Links to raw repo or documentation sites?
There has been a development on creating auto-generated interactive documentations for some repos-
- https://thealgorithms.github.io/C
- https://thealgorithms.github.io/C-Plus-Plus and has raised some questions on the direction to proceed.
I see softwares and software libraries provide initial links to their documentation sites and within there, links to their code repos. As an educational platform, wouldn't the docs be more beneficial to the readers who can then navigate to the repo and the respective codes?
Questions
- What value do users/readers get from links to raw repo?
- Is there a value to generate auto-docs for each repo in a similar fashion to their respective
gh-pagesbranches? - Should the main website provide links to these docs instead?
- This would, however require the contributors to properly document their contributions and would intern improve the quality of code being accepted to the repos. Is the reviewers' time consumed outweighed by the benefits?
(Did I miss anything else?)
What value do users/readers get from links to raw repo?
The notion that organized algorithms with reviewed comments and tests are "raw" is misleading. To answer the question above... tons of value. Look at the Gitter comments that people have when they find TheAlgorithms. Those comments are about the power of browsing and reading code. They are about seeing a clear catalog of algorithms organized by type. These repos allow visitors to learn fast by reading code and to understand implementation trade-offs with confidence. I personally would rather see more performance benchmarks than documentation. Auto-generated docs are merely reformatting what is already in the code. Such documentation has its place but it is not more important than the code itself.
You can look at the empirical data - https://github.com/TheAlgorithms/C-Plus-Plus/graphs/traffic and notice the increase in traffic to the repo after the deployment of the doc site. I don't think the value-proposition has been noted here. Hence the exercise to answer the above questions for each of the commenters.
- Benefit of using to github repo as the target sites -
- direct access to code
- no maintenance
- less code review
- filenames in repos not coherent
- Benefit of using doc site
- conveniently formatted formulae, links , descriptions, images, rich HTML
- submitted code needs to be formatted and thoroughly checked before accepting - note that much of existing codes in C & C++ repo was not even compilable.
- way to provide an educational site along with code
- ability to inject Javascript to provide compile & run type access in the future
The problem with the code comments is that there isn't a standardized way to write comments and the writing of comments and docstrings is generally not enforced. We need a way to standardize either the writing of comments or the writing of a documentation.
The problem with the code comments is that there isn't a standardized way to write comments and the writing of comments and docstrings is generally not enforced. We need a way to standardize either the writing of comments or the writing of a documentation.

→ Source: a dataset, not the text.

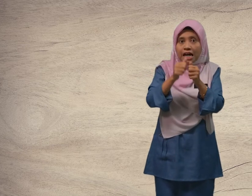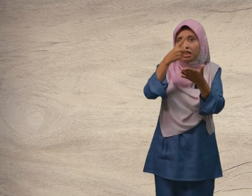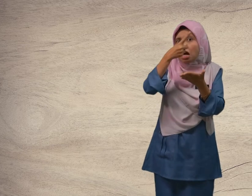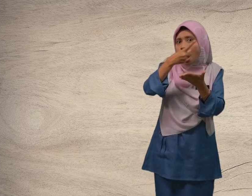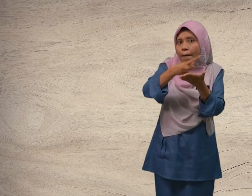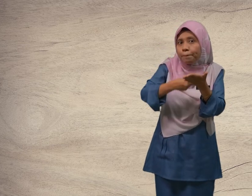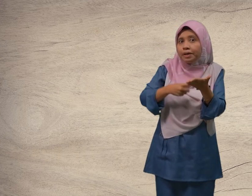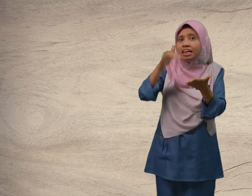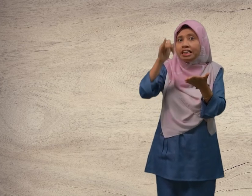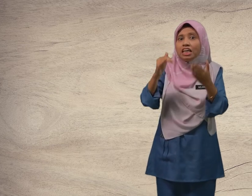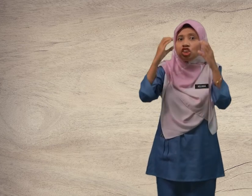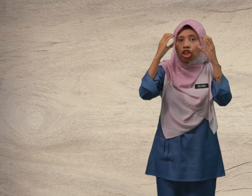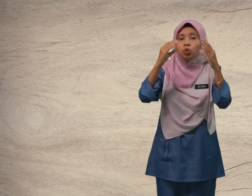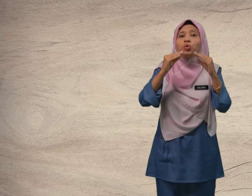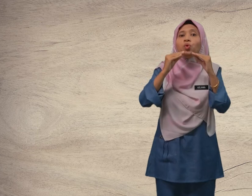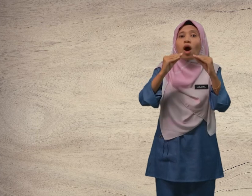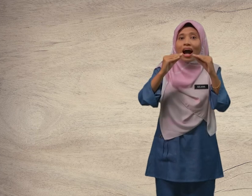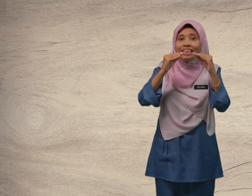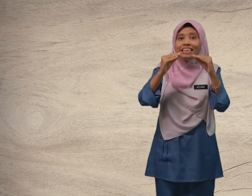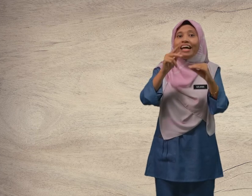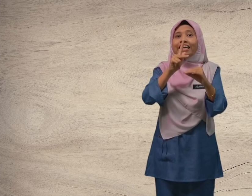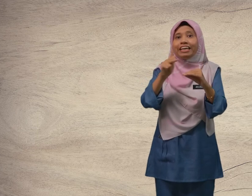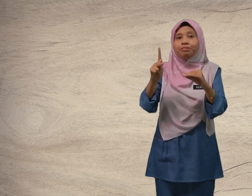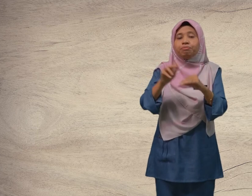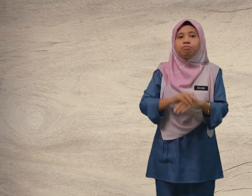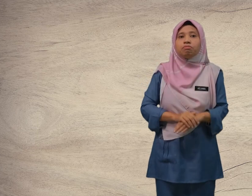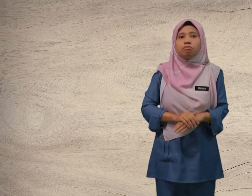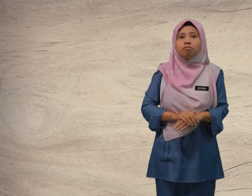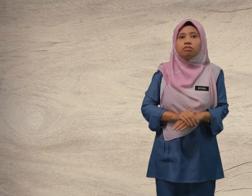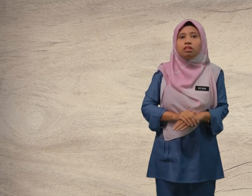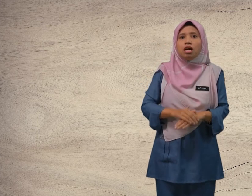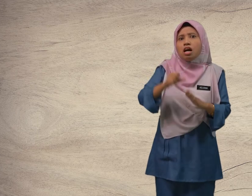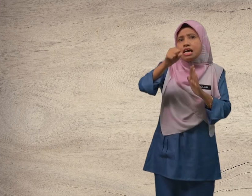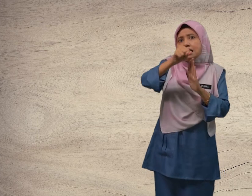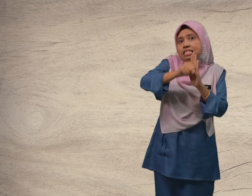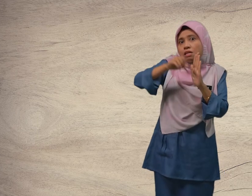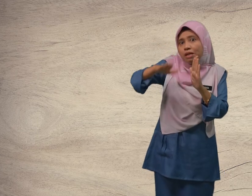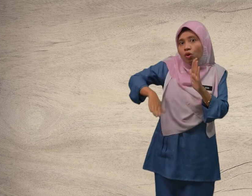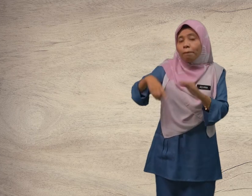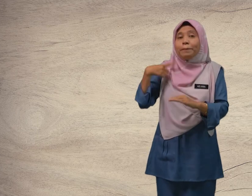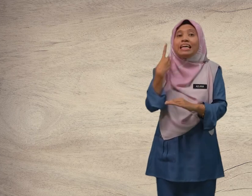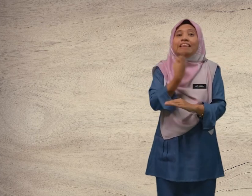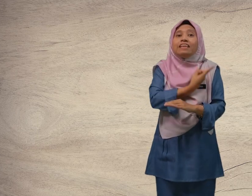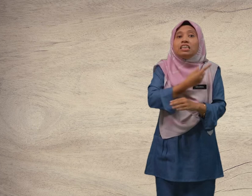apa yang cikgu ajarkan. Sebelum kita

Are you sure? While there might be multiple documentation standards, it is to the group the pick one and stick with it - For C/C++ repo, we are using Doxygen standards For Python, there is the Sphinx, pydoc, etc Doxygen also handles other languages like Java
If there are codes in the repos that are undocumented, then it is an even bigger problem - as the whole point of this repo is to provide educational code and if codes without documentation are being accepted, it is quite concerning.
Are you sure? While there might be multiple documentation standards, it is to the group the pick one and stick with it
This is true, different programming languages have different standards. I am talking about each repository individually. Contribution guidelines encourage the use of comments, etc. but it isn't required. Many times I had seen poorly named variables allowed in code.

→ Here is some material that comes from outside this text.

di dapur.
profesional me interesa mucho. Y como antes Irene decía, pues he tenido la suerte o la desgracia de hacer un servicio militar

Here is a piece from the Python contribution guidelines:
We encourage you to put docstrings inside your functions but please pay attention to indentation of docstrings.
As you see, this is encouraged but not required.
Are you sure? While there might be multiple documentation standards, it is to the group the pick one and stick with it
This is true, different programming languages have different standards. I am talking about each repository individually. Contribution guidelines encourage the use of comments, etc. but it isn't required. Many times I had seen poorly named variables allowed in code.
Here is a piece from the Python contribution guidelines:
We encourage you to put docstrings inside your functions but please pay attention to indentation of docstrings.
As you see, this is encouraged but not required.
Absolutely true. It has been an effort to enforce the standards and is definitely not a one day thing. See for example - this PR and we are still not done. Others are working on the remaining folders.
It has also been an observation that enforcing stricter rules and standards has improved the quality of contributors and the quality of code. The cost of acquisition, though got higher, the retainment costs of quality contributors has gone low. 😄
I came across this repo: https://github.com/OpenGenus/cosmos with a really nice website A really good set of codes nicely organized into one giant repo. Even they are using the same long inefficient process-line that requires contributions on code, website, documentation, etc.
I like the approach of TheAlgorithms where the repos are nicely organized based on languages and it is already evident that there is a great imbalance in the number of contributors for the repos - maybe due to language popularity. This is also going to be the same problem with having contributors for a website like above. Hence, another empirical proof of validity of having code to be self-explanatory and descriptive so that the documentation gets generated and becomes available immediately.